Many were arrested for just sharing a photo, commenting or uploading a video. Facebook-organised protests also allowed the regime to know in advance the location and prepare its crack-down accordingly.
Virtual protests stay virtual
More importantly, social media created the illusion that one can change and challenge the events on ground by being active online. Aleppo has been severely bombed since September 2015 with the Russian intervention. This year, when news erupts that the situation is catastrophic, thousands of Syrians around the world protest … by changing their Facebook profile picture.
People react virtually while not much is changing on the ground. The number of actual protests on the ground for Syria had declined by 2013. The feeling that social media gives you that you’ve done your bit by posting online is one reason for this demobilisation.
In this regard, Syria is like Palestine, where calls for a third Intifada have not materialised into actions, despite the growing number of Israeli violations.
In fact, this trend is obvious, not just in the Middle East, but globally. In the 1990s, before the advent of social media, around 70 percent of nonviolent social movements succeeded while this number plummeted to only 30 percent in the Facebook and Twitter era.

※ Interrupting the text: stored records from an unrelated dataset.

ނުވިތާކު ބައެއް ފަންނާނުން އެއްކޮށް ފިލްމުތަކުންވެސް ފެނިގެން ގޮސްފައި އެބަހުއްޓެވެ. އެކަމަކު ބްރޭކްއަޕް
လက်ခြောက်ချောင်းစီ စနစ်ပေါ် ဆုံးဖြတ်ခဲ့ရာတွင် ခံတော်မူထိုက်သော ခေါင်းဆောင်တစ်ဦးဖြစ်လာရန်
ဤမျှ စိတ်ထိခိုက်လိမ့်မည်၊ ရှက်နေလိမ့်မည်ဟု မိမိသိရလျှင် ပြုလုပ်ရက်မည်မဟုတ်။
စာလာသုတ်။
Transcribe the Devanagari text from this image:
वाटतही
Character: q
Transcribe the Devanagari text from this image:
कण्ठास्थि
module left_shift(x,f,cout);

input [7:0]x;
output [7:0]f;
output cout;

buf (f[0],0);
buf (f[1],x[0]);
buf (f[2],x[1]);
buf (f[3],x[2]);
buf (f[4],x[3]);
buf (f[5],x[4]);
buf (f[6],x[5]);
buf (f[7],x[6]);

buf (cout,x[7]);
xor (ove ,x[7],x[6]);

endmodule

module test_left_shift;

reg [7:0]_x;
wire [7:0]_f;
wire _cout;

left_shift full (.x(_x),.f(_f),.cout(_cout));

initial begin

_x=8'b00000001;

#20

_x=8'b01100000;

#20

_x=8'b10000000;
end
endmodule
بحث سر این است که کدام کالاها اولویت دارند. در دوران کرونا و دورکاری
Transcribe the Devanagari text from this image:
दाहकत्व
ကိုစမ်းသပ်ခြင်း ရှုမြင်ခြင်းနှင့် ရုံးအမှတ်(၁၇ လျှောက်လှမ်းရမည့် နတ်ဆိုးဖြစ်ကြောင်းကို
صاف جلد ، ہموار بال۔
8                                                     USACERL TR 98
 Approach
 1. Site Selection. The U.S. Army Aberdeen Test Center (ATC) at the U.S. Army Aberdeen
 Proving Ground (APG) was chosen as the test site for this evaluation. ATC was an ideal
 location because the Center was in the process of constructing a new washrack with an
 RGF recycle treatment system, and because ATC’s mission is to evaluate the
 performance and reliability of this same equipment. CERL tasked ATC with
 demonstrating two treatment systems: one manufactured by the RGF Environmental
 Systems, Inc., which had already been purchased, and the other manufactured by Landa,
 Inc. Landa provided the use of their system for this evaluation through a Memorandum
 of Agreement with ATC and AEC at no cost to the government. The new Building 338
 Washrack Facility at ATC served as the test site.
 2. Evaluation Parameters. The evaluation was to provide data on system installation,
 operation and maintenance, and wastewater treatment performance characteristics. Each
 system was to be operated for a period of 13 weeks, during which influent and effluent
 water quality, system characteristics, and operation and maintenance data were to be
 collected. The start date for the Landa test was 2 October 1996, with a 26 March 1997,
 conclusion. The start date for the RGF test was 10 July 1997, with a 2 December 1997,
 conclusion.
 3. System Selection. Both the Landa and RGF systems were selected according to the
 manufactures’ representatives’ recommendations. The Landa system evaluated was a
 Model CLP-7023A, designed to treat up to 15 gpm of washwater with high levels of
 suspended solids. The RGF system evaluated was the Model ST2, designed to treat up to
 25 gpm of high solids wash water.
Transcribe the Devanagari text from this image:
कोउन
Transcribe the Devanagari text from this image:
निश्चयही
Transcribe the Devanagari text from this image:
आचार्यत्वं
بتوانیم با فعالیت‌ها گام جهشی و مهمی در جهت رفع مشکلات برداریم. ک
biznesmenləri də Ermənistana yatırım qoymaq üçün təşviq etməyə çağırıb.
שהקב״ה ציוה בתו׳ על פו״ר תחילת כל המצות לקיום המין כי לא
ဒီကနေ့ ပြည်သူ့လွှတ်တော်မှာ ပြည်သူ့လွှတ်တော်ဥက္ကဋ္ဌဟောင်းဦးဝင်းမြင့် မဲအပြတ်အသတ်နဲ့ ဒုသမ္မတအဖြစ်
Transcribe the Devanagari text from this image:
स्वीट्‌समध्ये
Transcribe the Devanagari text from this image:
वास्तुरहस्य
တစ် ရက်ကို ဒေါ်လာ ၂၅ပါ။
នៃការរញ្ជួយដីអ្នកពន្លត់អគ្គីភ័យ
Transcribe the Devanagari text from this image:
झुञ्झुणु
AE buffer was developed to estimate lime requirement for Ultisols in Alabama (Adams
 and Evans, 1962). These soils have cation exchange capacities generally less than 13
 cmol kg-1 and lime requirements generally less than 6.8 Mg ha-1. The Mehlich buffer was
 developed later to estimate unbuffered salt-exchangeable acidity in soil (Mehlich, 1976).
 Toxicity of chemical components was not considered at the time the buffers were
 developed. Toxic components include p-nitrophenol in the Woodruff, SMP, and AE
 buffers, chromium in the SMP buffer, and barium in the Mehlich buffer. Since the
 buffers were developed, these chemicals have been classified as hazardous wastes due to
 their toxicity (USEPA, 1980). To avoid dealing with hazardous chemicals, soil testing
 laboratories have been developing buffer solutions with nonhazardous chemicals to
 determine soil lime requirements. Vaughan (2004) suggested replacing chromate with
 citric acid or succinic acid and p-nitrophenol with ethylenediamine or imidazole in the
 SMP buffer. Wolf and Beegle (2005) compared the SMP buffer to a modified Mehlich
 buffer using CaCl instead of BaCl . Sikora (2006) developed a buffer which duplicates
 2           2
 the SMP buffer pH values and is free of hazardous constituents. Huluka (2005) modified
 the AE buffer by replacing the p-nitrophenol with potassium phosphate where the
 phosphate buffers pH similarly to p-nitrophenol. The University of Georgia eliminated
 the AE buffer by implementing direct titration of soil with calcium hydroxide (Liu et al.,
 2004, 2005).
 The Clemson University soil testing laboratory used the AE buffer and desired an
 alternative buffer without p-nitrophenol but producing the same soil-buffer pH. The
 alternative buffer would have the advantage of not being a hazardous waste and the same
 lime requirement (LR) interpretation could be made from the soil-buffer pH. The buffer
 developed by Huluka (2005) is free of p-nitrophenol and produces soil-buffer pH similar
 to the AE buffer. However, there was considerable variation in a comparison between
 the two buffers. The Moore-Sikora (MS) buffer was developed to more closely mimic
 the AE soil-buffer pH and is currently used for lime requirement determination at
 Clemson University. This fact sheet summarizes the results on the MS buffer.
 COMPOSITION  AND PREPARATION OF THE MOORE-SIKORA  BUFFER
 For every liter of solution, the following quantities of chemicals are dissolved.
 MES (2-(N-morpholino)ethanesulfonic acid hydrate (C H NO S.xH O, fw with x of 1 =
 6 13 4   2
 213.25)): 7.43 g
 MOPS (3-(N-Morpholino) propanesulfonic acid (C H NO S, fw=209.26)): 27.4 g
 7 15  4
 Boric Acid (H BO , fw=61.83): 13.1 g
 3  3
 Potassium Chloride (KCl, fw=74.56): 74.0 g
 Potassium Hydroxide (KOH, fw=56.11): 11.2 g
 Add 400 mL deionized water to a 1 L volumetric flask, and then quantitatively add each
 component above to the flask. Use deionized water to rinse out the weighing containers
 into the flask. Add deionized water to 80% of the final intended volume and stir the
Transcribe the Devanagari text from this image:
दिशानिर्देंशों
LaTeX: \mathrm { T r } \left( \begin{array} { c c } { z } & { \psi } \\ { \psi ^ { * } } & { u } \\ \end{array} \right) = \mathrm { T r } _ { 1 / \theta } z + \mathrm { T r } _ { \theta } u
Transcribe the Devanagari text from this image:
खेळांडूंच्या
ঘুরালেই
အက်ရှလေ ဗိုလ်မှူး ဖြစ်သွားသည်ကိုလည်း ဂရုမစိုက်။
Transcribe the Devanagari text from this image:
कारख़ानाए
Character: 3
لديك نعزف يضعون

Social media, of course, is not the only reason why the Syrian uprising failed. But it is something that Syrian revolutionaries should think about when thinking about the future of their movement.
Facebook posts cannot defeat an unscrupulous dictator armed with a brutal repressive apparatus and resolved to use it at will.
Riham Alkousaa is a Syrian journalist covering refugees in Europe and conflict in Syria. She is currently a masters’ student of Politics and Global Affairs at Columbia University, Graduate School of Journalism.
The views expressed in this article are the author’s own and do not necessarily reflect Al Jazeera’s editorial policy.